# Writing a priority queue in Python?

Today, I was talking with a friend of mine, about an interesting problem. They created an internal service to view aggregate data from several backend systems. (At least that is how I understood it.) Their idea was to have several threads that would poll the backends for data and cache them in an internal database, and in case of cache miss on i.e. a page view of something that hasn't been refreshed yet, they would fetch it right-away (because user probably wouldn't want to wait 3 to 5 minutes for the background cache update to finish).

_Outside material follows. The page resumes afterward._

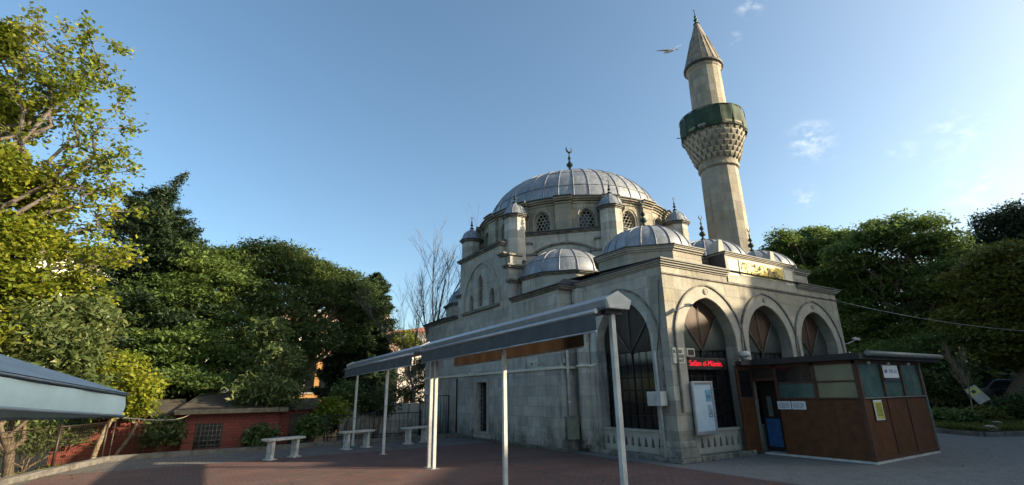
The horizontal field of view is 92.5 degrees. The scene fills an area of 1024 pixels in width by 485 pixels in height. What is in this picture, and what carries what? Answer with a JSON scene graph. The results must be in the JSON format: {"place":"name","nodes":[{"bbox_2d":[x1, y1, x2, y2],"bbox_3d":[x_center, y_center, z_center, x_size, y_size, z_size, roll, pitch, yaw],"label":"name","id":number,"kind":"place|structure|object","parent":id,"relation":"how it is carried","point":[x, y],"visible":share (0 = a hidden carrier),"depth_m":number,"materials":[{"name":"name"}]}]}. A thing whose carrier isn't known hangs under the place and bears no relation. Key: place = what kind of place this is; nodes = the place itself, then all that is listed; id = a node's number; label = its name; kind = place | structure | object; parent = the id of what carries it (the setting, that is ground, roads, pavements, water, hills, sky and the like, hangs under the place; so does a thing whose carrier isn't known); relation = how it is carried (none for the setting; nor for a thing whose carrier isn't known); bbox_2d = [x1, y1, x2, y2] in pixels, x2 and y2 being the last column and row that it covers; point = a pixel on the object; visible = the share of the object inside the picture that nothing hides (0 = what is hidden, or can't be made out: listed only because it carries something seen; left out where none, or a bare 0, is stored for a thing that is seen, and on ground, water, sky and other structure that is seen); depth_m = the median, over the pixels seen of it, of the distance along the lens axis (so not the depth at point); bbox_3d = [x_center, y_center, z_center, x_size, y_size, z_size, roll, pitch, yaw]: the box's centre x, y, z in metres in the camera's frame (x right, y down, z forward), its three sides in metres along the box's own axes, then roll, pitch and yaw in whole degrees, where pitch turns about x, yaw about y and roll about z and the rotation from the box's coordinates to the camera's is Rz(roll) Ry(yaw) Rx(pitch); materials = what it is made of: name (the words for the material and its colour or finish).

Because they wanted to have unified update interface, they do the background update with a priority queue. If the cache miss happens, just add a high priority request on the top of the queue, and it would be refreshed asap. And the updating would be nice and organized this way.

I imagine their "update request" looks something like this:

In [1]:
class Update:
    count = 0
    def __init__(self, priority, entity):
        Update.count+=1
        self._number=Update.count
        self._priority=priority
        self._entity=entity
        
    def __repr__(self):
        return "%s_%s_%s" % (self._priority, self._number,self._entity.__repr__())
    
    def __hash__(self):
        return self._number;
    
    def __str__(self):
        return self._entity.__str__()
    
    def __lt__(self,other):
        return (self._priority,self._number) < (other._priority,other._number)
    
    def __eq__(self,other):
        return (self._priority,self._number) == (other._priority,other._number)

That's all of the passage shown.